If we are only allowed 83 or so steps, the best we can do is only m= 53, n = 84 (Let’s just make the glass twice as big to accommodate that), and, as Byon noted, 3^53/2^84 is about 1.0021– not that close, really!

We HAVEN’T yet fully answered the coffee and cream question: a follow up post will be coming soon!

1) Send us your candidates for an interesting fact about the number 2012; the winner will receive a handsome Math Prize! As mentioned on the podcast, already its larger prime factor, 503, has a neat connection to the primes 2,3,5, and 7.

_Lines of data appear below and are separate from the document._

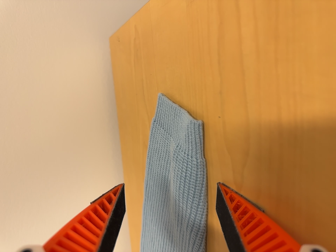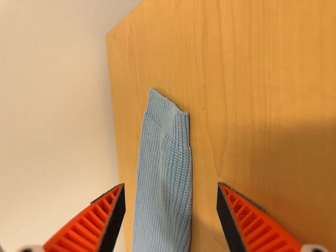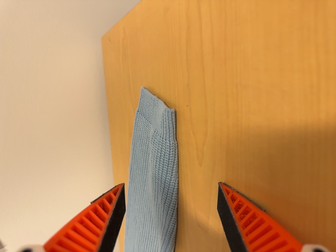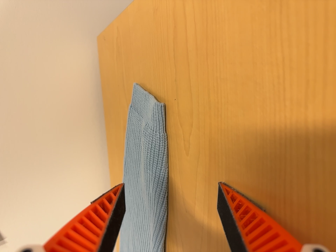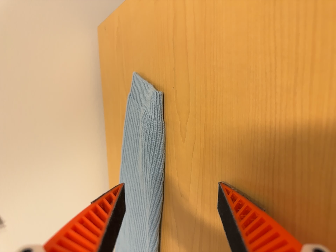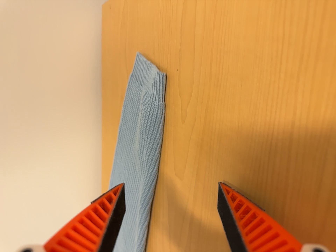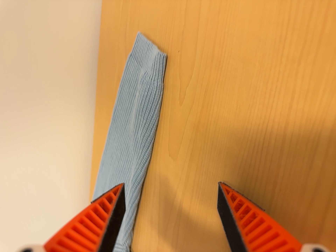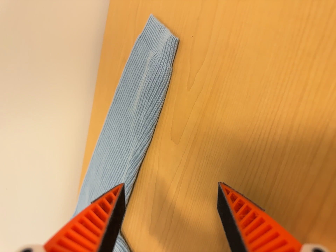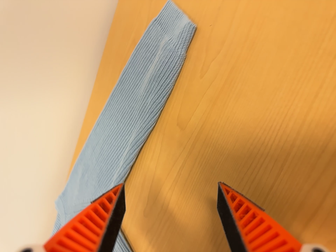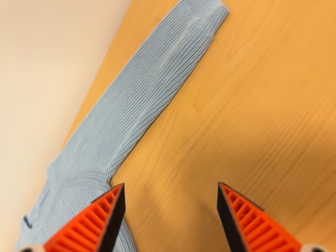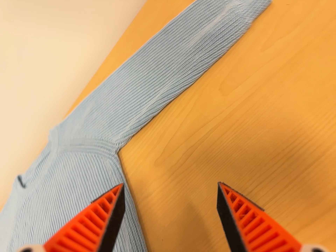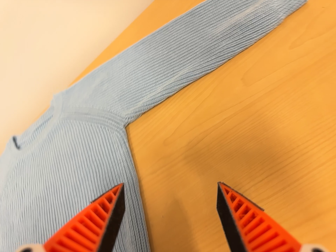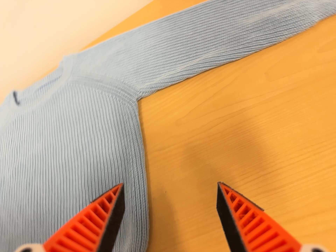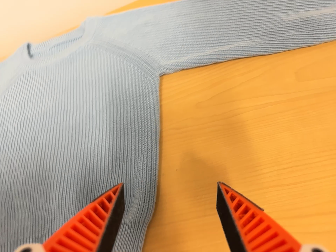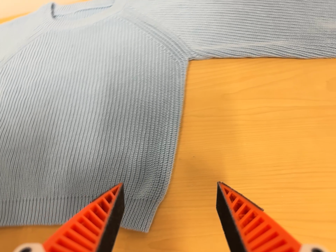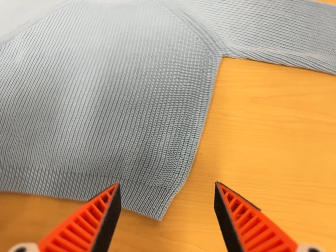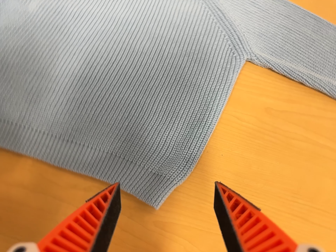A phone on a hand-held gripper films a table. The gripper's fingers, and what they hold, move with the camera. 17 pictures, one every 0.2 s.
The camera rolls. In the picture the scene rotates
clockwise.
The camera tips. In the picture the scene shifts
upward.
0.0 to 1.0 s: The camera travels backward, about 9 cm, so what stands in front gets smaller.
1.0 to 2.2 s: The camera pans to its right by about 15 degrees. It travels to its left and toward the bottom of its view, about 18 cm. Its aim tips toward the bottom of its view by about 10 degrees, and the scene shifts upward. It rolls about its line of sight by about 45 degrees, and the scene rotates clockwise.
2.2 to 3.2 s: The camera pans to its right by about 15 degrees. It travels to its left, about 20 cm. Its aim tips toward the bottom of its view by about 15 degrees, and the scene shifts upward. It rolls about its line of sight by about 55 degrees, and the scene rotates clockwise.
The film runs backward here.

2) So what is it about the tetrahedral numbers, and choosing things? In particular, why is the Nth tetrahedral number (aka the total number of gifts on the Nth day of Christmas) is exactly the same as the number of ways of choosing 3 objects out of (N+2)? Not hard, really, to prove, but can you find a simple or intuitive explanation?

3) Finally, about those M&M’s. Maybe I exaggerated a little bit when I claimed this problem holds all the secrets of the thermodynamics of the universe, but I don’t see how! Many classic equations, such as Newton’s Law of Cooling or the Heat Equation, the laws of thermodynamics, and fancier things as well, can all be illustrated by shuffling red and blue M&M’s around. What I don’t understand is how anything got done before M&M’s were invented!